Il minore ha chiesto scusa

L’episodio è accaduto nelle ultime settimane e ha come protagonista uno studente minorenne iscritto a un istituto superiore lecchese

Utente su Facebook (Ansa)
Utente su Facebook (Ansa)

Lecco, 2 febbario 2012 - Pubblica frasi razziste su Facebook e per questo viene punito con lavori socialmente utili. L’episodio è accaduto nelle ultime settimane e ha come protagonista uno studente minorenne iscritto a un istituto superiore lecchese. Il ragazzo infatti ha pubblicato sulla sua bacheca del social network Facebook alcune frasi irriguardose a sfondo razzista verso stranieri e immigrati.
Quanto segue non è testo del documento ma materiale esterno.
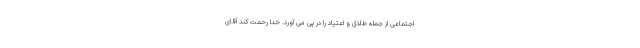
اجتماعی از جمله طلاق و اعتیاد را در پی می آورد. خدا رحمت کند آقای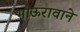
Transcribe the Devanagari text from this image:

L’intervento però è stato letto da molte persone, tra cui compagni di scuola che lo hanno minacciato e, qualche giorno dopo, il minore si è ritrovato attorniato da alcuni compagni fuori dall’istituto; la spedizione punitiva si è fortunatamente limitata a intimorire il ragazzo, senza ricorrere all’uso della violenza fisica.


Qui è intervenuto il dirigente scolastico: il caso infatti è finito sulla sua scrivania e quindi ha deciso di convocare immediatamente un consiglio di classe straordinario per affrontare il caso e prendere provvedimenti disciplinari nei confronti del giovane razzista. Il preside ha riflettuto sull’accaduto e ha poi decretato una punizione originale: al posto della più consueta sospensione lo studente dovrà svolgere un periodo di lavori socialmente utili in una cooperativa. Sia il ragazzo sia la sua famiglia hanno accettato la punizione proposta dal dirigente.
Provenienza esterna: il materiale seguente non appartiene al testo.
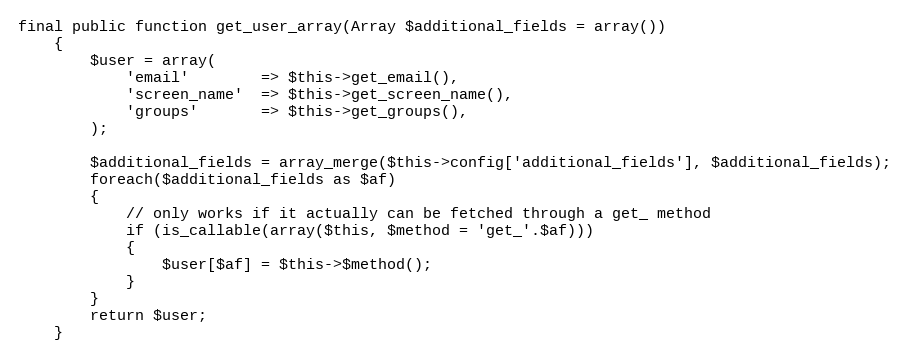
Language: PHP
final public function get_user_array(Array $additional_fields = array())
	{
		$user = array(
			'email'        => $this->get_email(),
			'screen_name'  => $this->get_screen_name(),
			'groups'       => $this->get_groups(),
		);

		$additional_fields = array_merge($this->config['additional_fields'], $additional_fields);
		foreach($additional_fields as $af)
		{
			// only works if it actually can be fetched through a get_ method
			if (is_callable(array($this, $method = 'get_'.$af)))
			{
				$user[$af] = $this->$method();
			}
		}
		return $user;
	}

«La possibilità di proporre i lavori socialmente utili arriva dallo statuto degli studenti – spiega la vicepreside dell’istituto –. Chi ha sbagliato ora andrà a lavorare in una cooperativa che si occupa di diversamente abili e persone di varie estrazioni sociali. Lo studente ha accettato di buon grado la punizione alternativa, ma bisognerà vedere come la prenderà appena comincia il periodo di lavoro; infatti se al momento non ha avuto grossi problemi ad accettare il volontariato, ora dovrà riuscire a superare la barriera psicologica che sicuramente avrà nel lavorare con persone diverse. Solo dopo il periodo nella cooperativa si potrà rendere conto dello sbaglio che ha commesso».
 

Già da questa settimana il minore dovrebbe iniziare il suo impegno che, si spera, lo faccia riflettere su ciò che ha fatto. «I ragazzi purtroppo non si rendono conto che l’insulto su Facebook è diverso da quello detto in faccia – continua la vicepreside –. I giovani devono rendersi conto che tutto quello che viene scritto sui social network può essere letto in qualsiasi parte del mondo». Intanto il preside dell’istituto, che ha preso la decisione della singolare punizione, tiene a precisare: «Quello che ha scritto il ragazzo sulla sua bacheca di Facebook non l’ho visto di persona, quindi al riguardo non posso dire nulla. So solo che il giovane ha provveduto immediatamente a cancellare tutto quanto, ha ammesso le sue colpe e ha chiesto scusa. Ora ci auguriamo che la
famiglia faccia in modo che la punizione avvenga nei termini e nei modi accordati e che il ragazzo impari la lezione».